Étrange et intrigant projet que celui engagé par l’écrivain Diego Gil pour le compte de l’éditeur Le Boulon, qui entreprend à travers un livre assez bref (144 pages) de raconter les 24 dernières heures de Ian Curtis, le chanteur légendaire de Joy Division. A l’échelle du post-punk, la dernière Passion de Ian Curtis fait figure d’instant-clé, d’épiphanie terrible et en même temps décisive où la vérité dissimulée du post-punk, et par la même du rock alternatif tout entier, se dénoue.

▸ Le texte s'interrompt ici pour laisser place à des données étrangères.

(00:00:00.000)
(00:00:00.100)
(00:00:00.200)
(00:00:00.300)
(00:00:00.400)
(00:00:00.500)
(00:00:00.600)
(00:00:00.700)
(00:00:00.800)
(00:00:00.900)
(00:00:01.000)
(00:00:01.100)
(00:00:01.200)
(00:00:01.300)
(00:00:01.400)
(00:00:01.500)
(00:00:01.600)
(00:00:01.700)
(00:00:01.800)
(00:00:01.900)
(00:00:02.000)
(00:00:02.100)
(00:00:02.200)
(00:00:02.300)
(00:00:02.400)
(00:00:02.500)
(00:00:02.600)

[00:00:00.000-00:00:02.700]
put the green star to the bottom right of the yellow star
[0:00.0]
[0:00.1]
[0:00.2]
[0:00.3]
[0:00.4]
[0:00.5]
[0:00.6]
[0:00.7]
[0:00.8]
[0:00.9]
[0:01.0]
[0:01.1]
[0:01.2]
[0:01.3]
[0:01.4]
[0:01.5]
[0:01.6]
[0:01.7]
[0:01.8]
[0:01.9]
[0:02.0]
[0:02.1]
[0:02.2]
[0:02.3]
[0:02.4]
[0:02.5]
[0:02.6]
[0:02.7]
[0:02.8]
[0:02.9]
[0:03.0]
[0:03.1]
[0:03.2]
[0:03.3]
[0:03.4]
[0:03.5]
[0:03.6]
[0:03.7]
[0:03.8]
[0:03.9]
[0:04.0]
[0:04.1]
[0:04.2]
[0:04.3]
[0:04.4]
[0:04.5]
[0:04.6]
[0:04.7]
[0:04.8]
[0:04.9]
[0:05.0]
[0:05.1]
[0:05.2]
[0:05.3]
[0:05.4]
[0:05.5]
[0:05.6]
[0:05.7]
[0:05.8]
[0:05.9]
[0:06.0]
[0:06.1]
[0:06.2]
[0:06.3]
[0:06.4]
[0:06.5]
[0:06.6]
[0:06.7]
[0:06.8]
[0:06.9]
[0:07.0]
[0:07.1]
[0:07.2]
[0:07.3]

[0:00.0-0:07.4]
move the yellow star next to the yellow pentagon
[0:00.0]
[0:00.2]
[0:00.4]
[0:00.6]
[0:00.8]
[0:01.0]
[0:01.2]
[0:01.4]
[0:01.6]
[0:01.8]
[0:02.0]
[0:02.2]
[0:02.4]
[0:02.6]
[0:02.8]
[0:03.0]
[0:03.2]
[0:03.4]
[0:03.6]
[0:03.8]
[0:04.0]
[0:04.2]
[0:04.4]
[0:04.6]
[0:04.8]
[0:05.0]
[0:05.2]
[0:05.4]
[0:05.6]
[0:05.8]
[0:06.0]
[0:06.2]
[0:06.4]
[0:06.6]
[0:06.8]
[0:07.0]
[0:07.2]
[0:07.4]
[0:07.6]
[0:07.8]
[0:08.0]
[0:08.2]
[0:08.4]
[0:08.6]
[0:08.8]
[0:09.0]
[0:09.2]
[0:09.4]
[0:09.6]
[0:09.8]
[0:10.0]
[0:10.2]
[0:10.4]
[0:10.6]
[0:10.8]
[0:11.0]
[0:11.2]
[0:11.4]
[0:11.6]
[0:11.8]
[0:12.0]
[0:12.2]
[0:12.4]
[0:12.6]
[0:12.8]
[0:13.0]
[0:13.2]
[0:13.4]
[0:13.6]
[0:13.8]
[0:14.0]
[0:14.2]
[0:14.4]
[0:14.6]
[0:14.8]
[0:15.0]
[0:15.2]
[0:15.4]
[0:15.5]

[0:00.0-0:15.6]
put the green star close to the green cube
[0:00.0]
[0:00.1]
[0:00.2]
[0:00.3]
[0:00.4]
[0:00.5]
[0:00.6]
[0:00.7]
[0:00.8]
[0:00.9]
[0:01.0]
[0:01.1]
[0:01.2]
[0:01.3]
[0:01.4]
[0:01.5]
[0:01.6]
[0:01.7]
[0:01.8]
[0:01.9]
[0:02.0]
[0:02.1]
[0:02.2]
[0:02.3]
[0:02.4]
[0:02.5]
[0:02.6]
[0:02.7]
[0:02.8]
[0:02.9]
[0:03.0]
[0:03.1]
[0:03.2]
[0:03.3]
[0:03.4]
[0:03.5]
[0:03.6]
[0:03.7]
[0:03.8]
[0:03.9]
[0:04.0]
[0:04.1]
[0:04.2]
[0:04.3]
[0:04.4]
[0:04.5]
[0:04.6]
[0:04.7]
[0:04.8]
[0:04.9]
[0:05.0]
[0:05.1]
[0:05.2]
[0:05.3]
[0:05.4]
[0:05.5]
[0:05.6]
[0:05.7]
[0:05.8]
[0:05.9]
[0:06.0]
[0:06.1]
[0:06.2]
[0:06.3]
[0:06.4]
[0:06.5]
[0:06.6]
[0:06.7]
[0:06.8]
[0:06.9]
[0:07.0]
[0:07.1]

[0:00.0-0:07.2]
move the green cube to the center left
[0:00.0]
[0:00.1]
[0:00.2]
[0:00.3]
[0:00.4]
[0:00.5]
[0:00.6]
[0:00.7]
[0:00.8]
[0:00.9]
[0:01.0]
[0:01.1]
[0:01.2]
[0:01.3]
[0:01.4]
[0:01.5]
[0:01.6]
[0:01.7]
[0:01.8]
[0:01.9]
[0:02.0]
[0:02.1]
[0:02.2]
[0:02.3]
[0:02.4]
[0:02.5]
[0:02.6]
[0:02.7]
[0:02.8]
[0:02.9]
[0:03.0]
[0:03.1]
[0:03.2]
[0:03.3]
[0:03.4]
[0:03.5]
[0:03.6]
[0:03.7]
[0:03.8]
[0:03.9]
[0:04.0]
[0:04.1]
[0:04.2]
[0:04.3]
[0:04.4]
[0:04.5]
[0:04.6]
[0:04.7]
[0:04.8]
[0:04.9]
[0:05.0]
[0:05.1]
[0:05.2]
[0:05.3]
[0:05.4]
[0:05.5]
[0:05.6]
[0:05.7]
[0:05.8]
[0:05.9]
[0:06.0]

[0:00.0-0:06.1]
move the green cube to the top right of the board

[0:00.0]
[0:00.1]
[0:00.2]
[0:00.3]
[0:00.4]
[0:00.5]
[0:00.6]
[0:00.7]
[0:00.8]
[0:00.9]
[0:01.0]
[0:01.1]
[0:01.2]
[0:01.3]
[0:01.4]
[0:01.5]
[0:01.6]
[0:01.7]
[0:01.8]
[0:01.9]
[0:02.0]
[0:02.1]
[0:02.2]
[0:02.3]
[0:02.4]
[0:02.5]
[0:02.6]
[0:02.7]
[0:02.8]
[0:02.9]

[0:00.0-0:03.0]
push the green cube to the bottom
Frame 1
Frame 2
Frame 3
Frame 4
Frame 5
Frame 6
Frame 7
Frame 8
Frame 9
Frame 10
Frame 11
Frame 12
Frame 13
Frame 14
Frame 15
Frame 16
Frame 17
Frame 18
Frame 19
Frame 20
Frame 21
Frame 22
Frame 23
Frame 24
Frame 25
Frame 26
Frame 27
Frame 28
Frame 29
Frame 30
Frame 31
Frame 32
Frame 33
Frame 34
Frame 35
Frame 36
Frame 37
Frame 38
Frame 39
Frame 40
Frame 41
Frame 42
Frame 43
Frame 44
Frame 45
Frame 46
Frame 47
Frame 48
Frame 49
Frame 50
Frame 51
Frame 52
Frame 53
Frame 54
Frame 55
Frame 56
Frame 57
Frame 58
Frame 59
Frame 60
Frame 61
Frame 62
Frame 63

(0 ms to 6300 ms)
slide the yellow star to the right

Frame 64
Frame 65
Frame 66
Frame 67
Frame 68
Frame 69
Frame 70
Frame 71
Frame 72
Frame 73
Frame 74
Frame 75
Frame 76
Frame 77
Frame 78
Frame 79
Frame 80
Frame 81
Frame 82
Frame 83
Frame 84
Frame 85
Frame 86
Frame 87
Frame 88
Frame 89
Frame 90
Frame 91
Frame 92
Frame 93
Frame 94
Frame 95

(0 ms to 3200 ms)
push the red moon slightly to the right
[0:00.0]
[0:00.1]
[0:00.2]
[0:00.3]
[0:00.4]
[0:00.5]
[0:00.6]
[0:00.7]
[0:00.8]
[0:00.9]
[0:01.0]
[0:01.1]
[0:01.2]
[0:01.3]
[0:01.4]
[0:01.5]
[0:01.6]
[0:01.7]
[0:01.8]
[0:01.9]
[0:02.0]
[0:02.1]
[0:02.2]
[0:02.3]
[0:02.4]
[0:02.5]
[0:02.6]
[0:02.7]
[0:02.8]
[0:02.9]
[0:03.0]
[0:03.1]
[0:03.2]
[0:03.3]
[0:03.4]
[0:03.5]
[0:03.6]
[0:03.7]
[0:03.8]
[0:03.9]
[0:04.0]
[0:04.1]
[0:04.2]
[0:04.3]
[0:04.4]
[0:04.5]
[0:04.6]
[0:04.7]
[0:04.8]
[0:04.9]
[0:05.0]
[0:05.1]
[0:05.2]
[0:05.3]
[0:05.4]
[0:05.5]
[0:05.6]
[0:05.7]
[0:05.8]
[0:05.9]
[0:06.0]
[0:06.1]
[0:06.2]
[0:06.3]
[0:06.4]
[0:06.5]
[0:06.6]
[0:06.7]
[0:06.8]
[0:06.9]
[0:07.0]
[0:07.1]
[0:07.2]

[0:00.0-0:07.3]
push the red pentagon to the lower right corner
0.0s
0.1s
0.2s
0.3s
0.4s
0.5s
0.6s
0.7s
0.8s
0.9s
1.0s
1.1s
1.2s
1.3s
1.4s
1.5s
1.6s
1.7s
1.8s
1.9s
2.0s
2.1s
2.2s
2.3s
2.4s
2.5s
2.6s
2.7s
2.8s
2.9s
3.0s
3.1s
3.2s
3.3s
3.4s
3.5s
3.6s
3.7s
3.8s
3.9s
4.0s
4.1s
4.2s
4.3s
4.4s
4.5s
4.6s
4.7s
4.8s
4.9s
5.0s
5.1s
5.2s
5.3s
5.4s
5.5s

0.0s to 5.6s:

L’intention de l’auteur est évidemment à travers cette évocation de cette journée du dimanche 18 mai 1980 de rendre hommage à l’une des figures et des voix les plus importantes et marquantes de l’histoire des musiques alternatives. Ian Curtis ayant choisi de se suicider à l’aube, avant que son épouse Deborah ne découvre son corps vers midi, il est probable que l’auteur nous fera revivre la presque aussi célèbre journée du 17 durant laquelle Curtis, après avoir préparé au téléphone son voyage du lendemain pour les États-Unis avec le groupe, rentre chez lui et explique à son épouse qu’il ne la quittera pas mais ne peut se résoudre à abandonner sa supposée maîtresse (on n’a jamais su si l’affaire avait été consommée ou pas) Annick Honoré. Une dispute ou du moins une longue discussion s’en suit qui amène Deborah à passer la nuit chez ses parents. L’enchaînement tragique, lugubre et devenu mythologique au fil des récits et des évocations, est en marche : Curtis, seul au monde, regarde la télévision (un film de Werner Herzog), écoute de la musique (Iggy Pop), mange (peut-être), écrit une dernière lettre à son épouse (restée secrète, si nos souvenirs sont bons), fait une crise d’épilepsie, regarde des photos de sa famille et puis…
Qu’est susceptible d’apporter le livre de Diego Gil, spécialiste de la scène rock bordelaise, à cette histoire ? On n’en sait rien à ce stade. On espère que la chose sera bien écrite et évoquera la situation avec émotion et délicatesse. Tant de pages ont été écrites sur Curtis, Joy Division et la réaction (les causes, conséquences) des membres de son groupe à travers les biographies des uns et des autres, les documents, qu’il faudra une approche nouvelle pour que l’affaire soit réussie. En attendant et pour ceux que cela intéresse, fidèle à sa jeune tradition, le Boulon a enclenché un financement participatif pour promouvoir la chose. Celui-ci, quasi à l’objectif, se termine dans une dizaine de jours, pour une livraison au printemps de l’ouvrage, avec ou sans photos. C’est à voir… mais on ne se lasse pas, après Control, les documentaires et une petite vingtaine d’ouvrages, de remettre le nez là-dedans.